BRIDGEND, WALES (June 24, 2015) — Today Tim Palmer and I visited a famous unconformable rock plane in South Wales. I last saw it thirty years ago, when I knew a lot less about eroded, bored and encrusted surfaces. It is an unconformity between a Carboniferous limestone (High Tor Limestone, Dinantian in age) and an overlying Jurassic limestone (Sutton Stone, Hettangian, Lower Jurassic) exposed on the coast near Ogmore-By-Sea. It was most thoroughly described in 2004 by Johnson and McKerrow (Palaeontology 38: 529-541). You can see it as the surface above, with the Jurassic rocks on top of it to the right. (I know, gray rocks on gray rocks. It takes close examination to tell them apart after they both have been subjected to coastal weathering.)
Here is a closer view with part of the Lower Jurassic Sutton Stone broken away to show fresh material. (We didn’t do this, despite the guilty-looking hammer. The hammer is Paul Taylor’s, by the way. Thanks, Paul!) Note the pebbles in the Sutton Stone. They are made of the Carboniferous limestone beneath. Classic unconformity.
The Carboniferous limestone is punctured by numerous small borings (Trypanites) drilled by filter-feeding worms of some kind when the Early Jurassic sea covered this surface. They are the clusters of small black dots shown above.
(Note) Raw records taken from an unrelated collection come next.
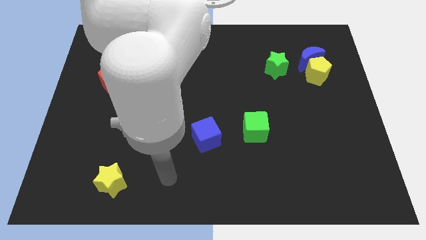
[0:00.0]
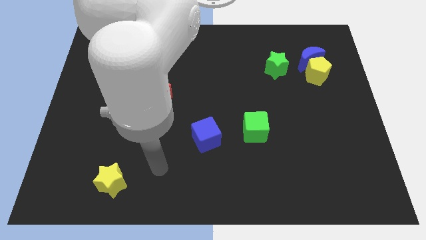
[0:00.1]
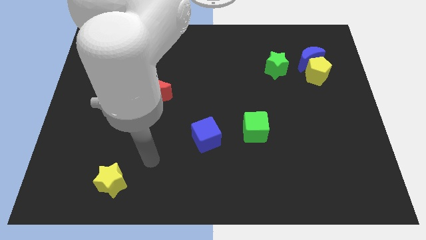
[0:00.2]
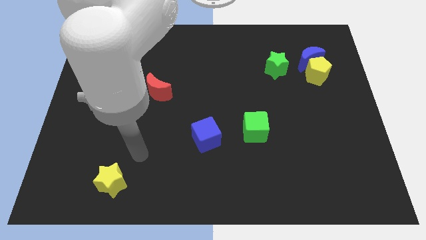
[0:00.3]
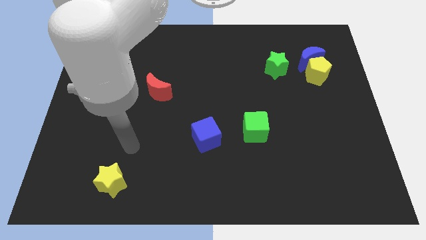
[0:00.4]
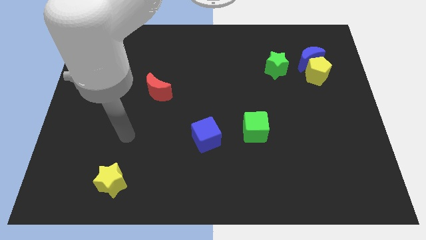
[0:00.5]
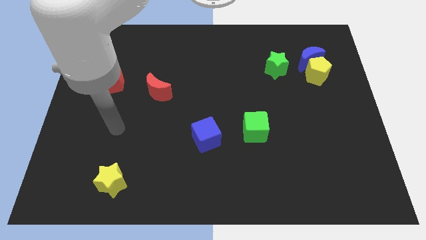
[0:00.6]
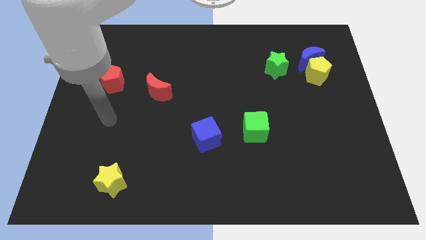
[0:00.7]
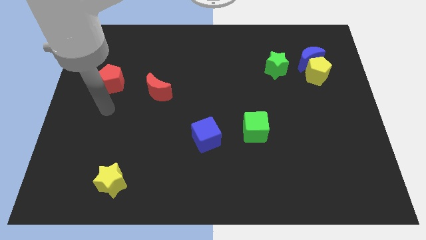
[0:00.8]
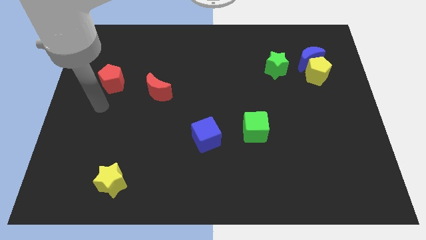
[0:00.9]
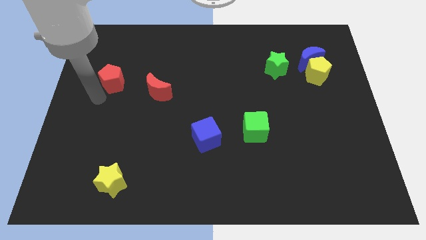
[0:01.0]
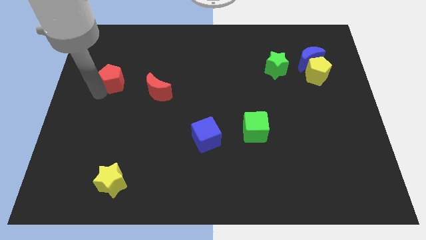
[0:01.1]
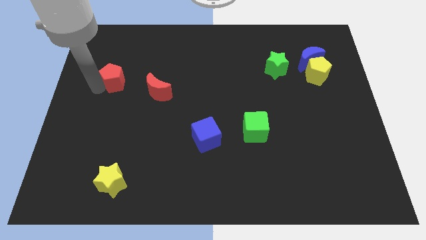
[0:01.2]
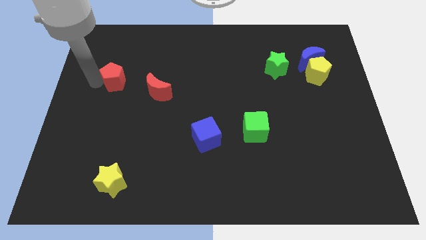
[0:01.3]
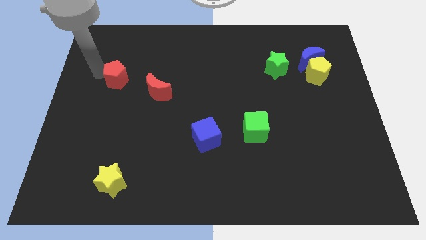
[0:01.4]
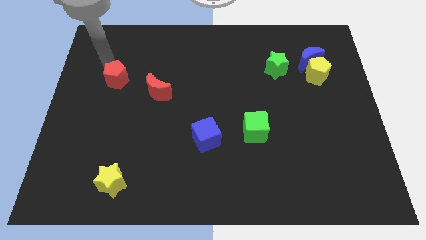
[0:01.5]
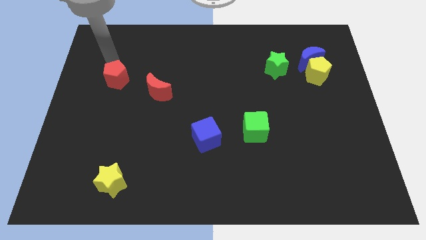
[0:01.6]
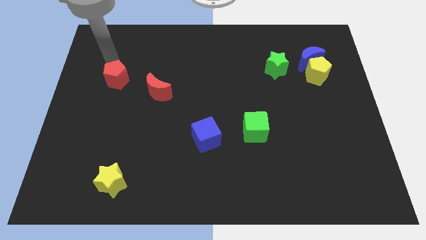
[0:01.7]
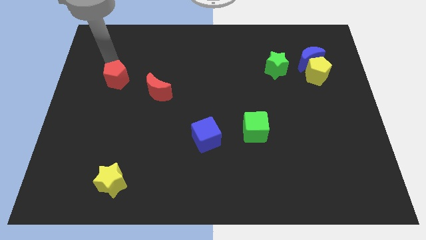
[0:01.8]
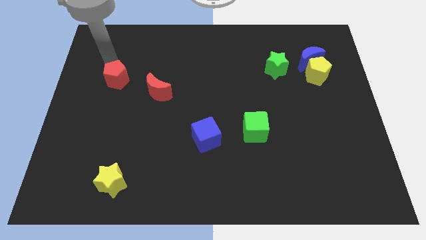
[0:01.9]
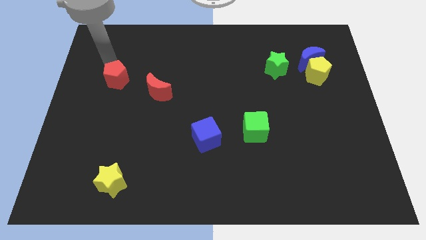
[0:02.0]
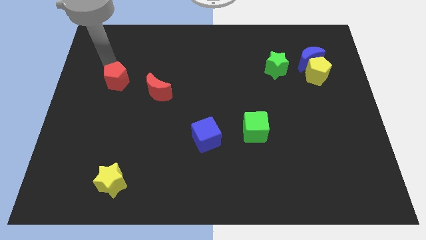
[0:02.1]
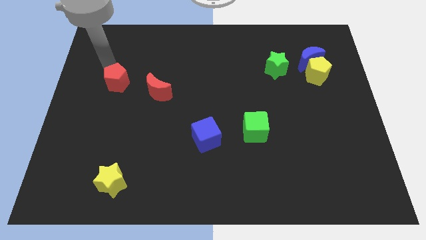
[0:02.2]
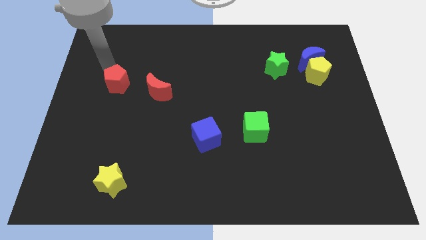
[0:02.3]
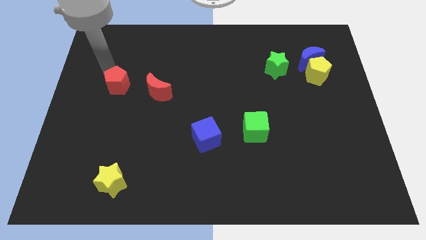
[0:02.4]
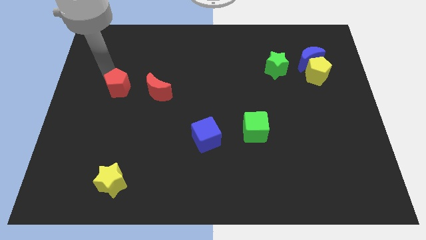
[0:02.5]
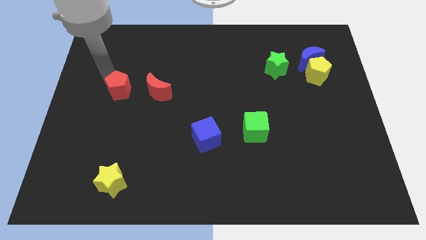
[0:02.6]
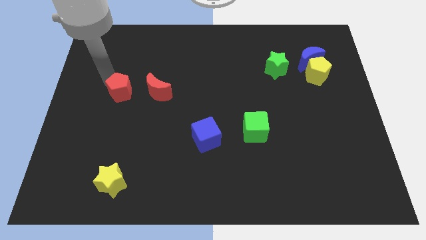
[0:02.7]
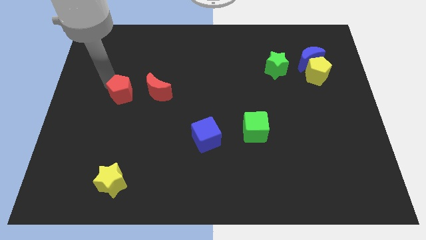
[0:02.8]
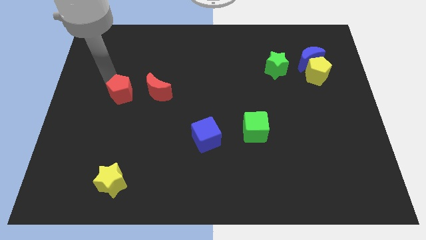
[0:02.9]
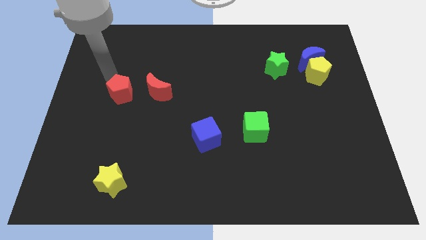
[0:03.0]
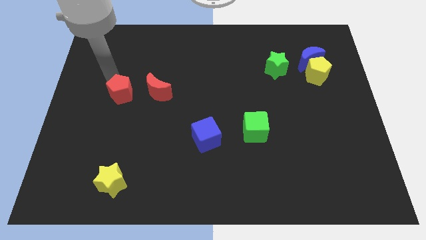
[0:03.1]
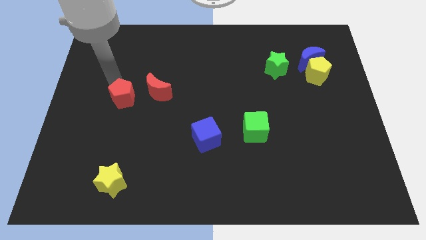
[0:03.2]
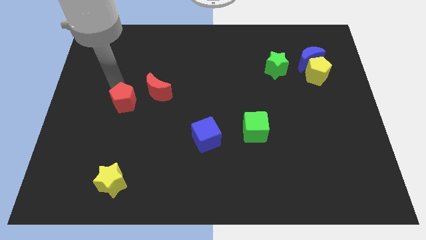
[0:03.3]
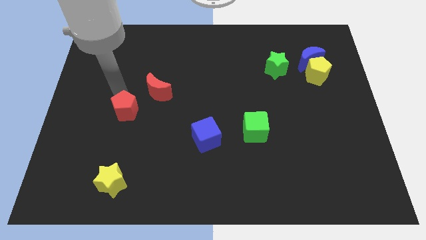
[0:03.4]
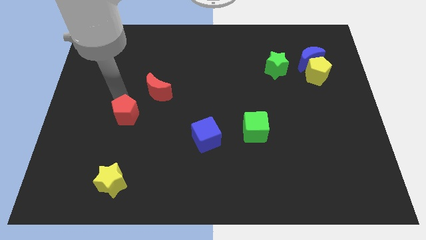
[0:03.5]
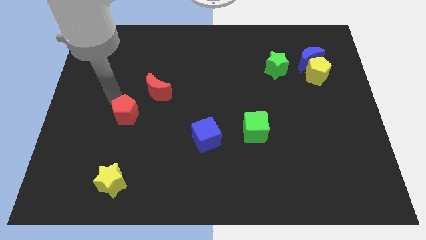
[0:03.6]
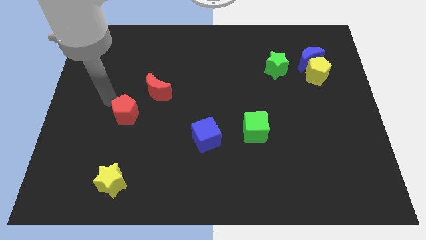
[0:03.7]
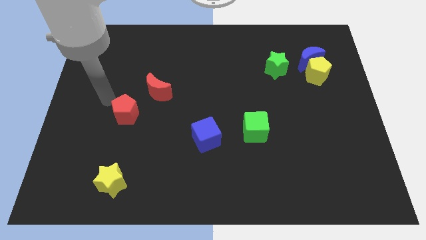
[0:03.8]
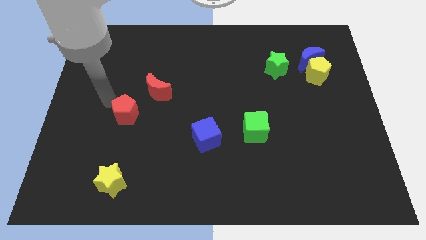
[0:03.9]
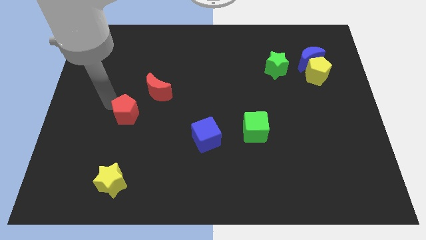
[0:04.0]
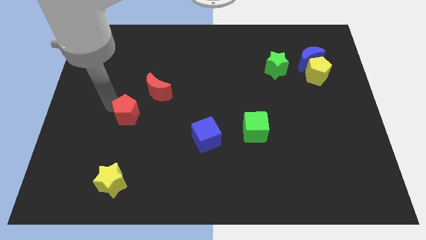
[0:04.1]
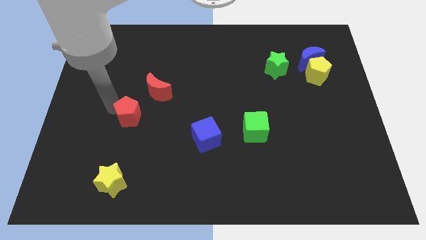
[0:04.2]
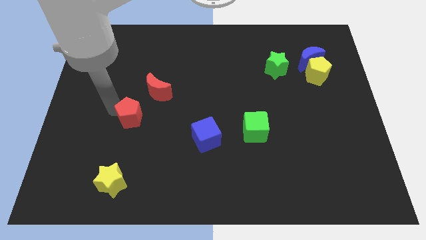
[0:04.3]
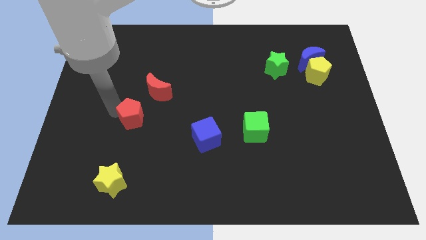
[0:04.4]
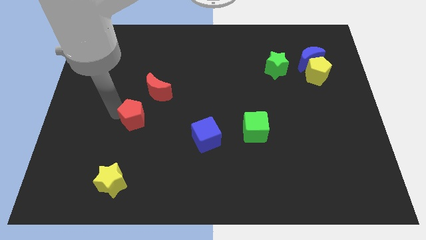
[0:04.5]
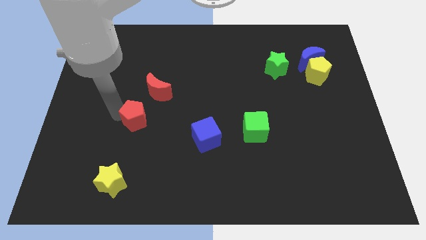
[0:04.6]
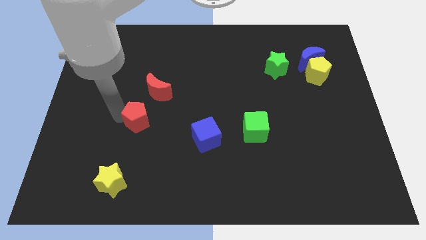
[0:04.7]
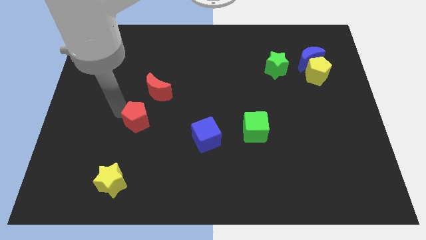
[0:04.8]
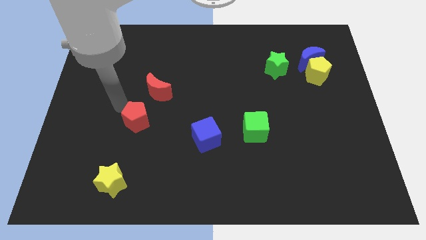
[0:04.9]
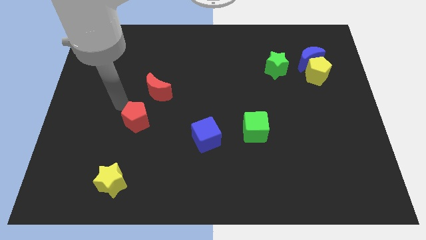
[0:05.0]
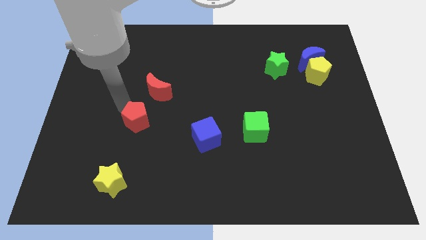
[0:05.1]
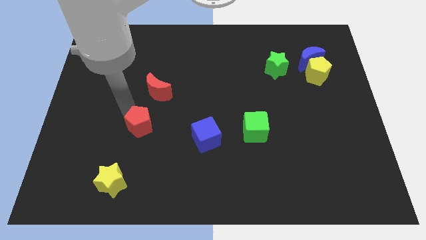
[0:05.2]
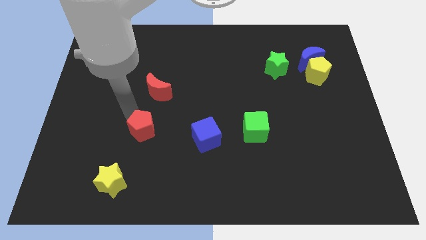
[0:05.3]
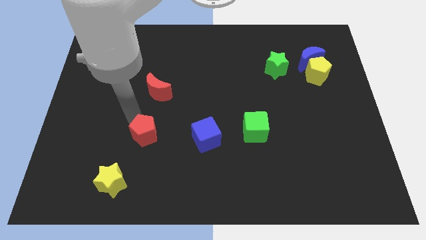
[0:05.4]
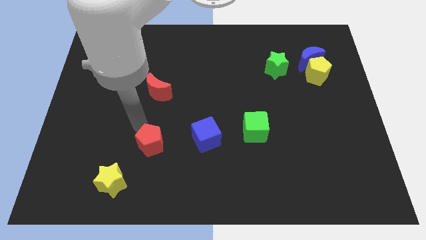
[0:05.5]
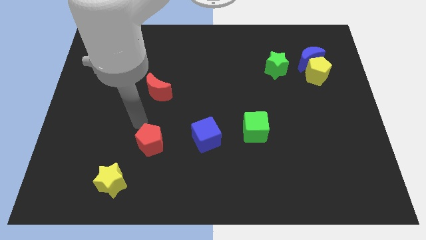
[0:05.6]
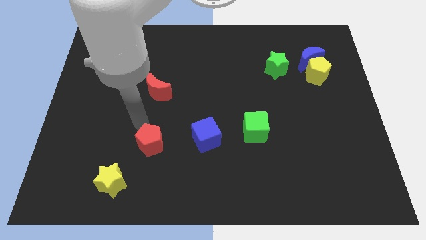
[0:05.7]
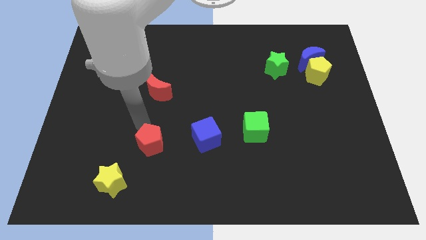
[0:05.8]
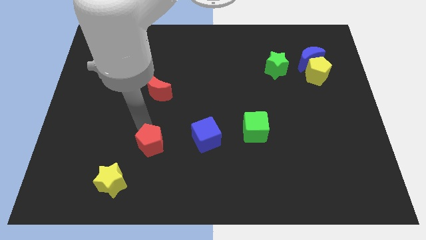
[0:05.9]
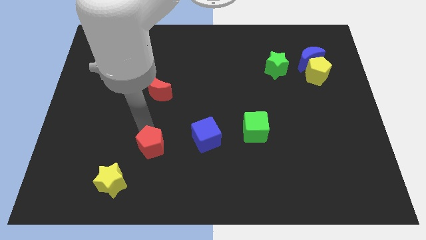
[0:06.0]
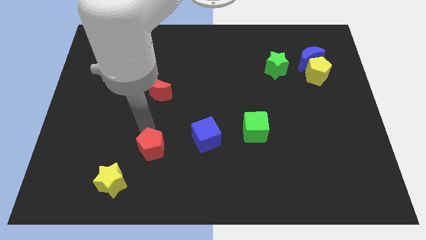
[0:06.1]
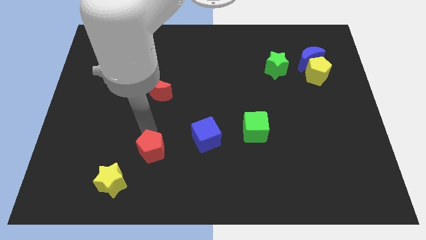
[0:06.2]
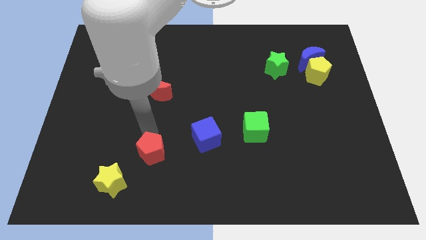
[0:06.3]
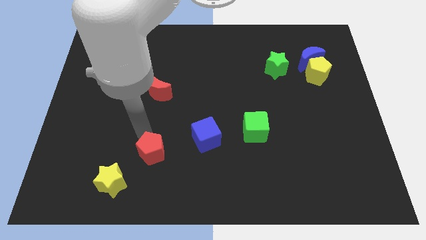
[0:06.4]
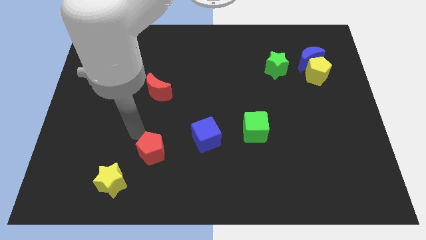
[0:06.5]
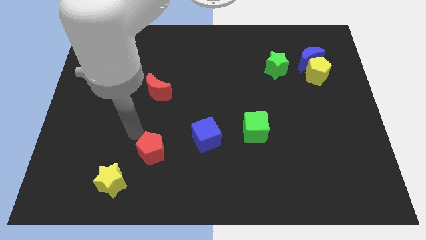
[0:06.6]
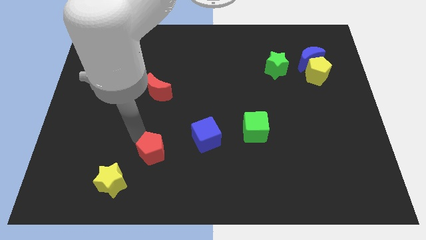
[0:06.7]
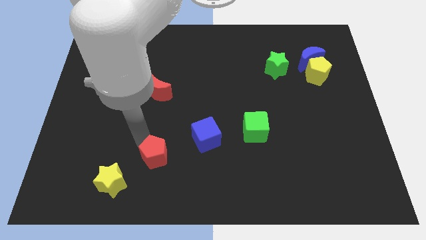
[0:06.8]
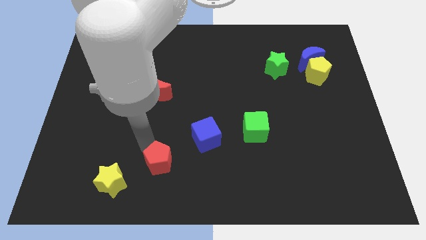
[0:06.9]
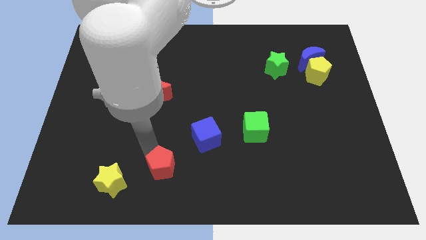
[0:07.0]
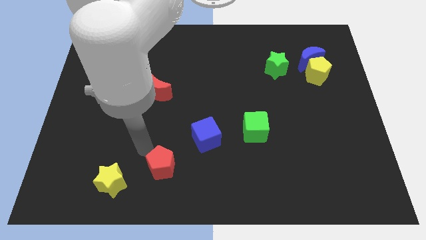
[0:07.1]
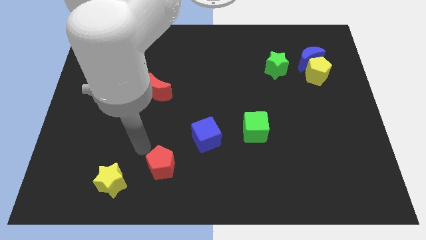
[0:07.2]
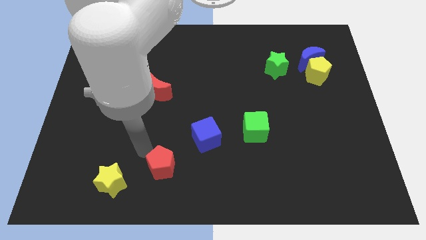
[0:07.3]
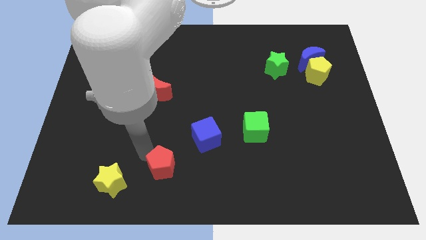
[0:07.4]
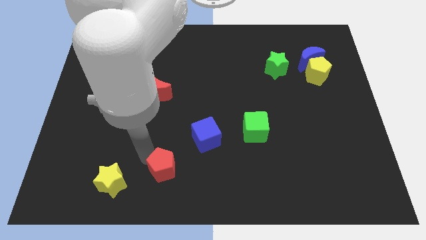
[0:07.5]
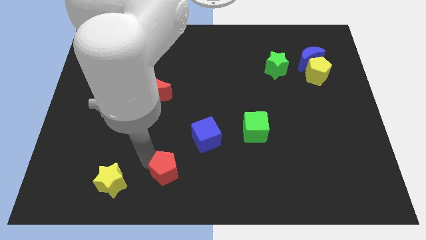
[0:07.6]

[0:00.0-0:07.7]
put the red pentagon to the bottom

In this closer view of the borings you can see that they are filled with a lighter Jurassic sediment. The openings have been somewhat enlarged by weathering.
This erosion surface shows some relief, probably formed by cobbles and pebbles washing over it during the Early Jurassic. This matches what we see on modern wave-cut rocky platforms.
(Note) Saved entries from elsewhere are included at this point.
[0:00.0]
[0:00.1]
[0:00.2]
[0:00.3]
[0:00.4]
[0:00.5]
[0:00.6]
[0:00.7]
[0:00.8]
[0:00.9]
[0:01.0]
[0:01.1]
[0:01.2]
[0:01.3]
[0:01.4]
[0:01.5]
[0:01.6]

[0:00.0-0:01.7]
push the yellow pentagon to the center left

On the same stretch of shoreline there is a small section where Triassic wadi deposits cut down into the Carboniferous limestone — another even more dramatic unconformity, but without marine fossils.
Coming from a desert myself, I have an affinity for wadi sediments. They are coarse, angular and poorly sorted. These grains are entirely from the underlying Carboniferous limestone. They were likely generated from steep rocky canyons through which intermittent streams flowed.
At the end of the day Tim and I visited Nash Point, again on the coast of South Wales. Here the Lias is brilliantly (and dangerously!) exposed as a series of alternating limestones and shales.
We didn’t get too close to these unstable cliffs. The limestone blocks fall often as the interbedded soft shales holding them in place weather away.
A view of Nash Point at low tide. Tim always wears that red jacket, so he’s easy to spot. (Classic Redcoat!)
We didn’t find much to paleontologically interest us at this last outcrop, but it was beautiful on another stunning coastal day. These cobbles, all made of Lias limestones, are pretty to look at, but tiresome to walk through. We were ready for a slow dinner after this excellent day.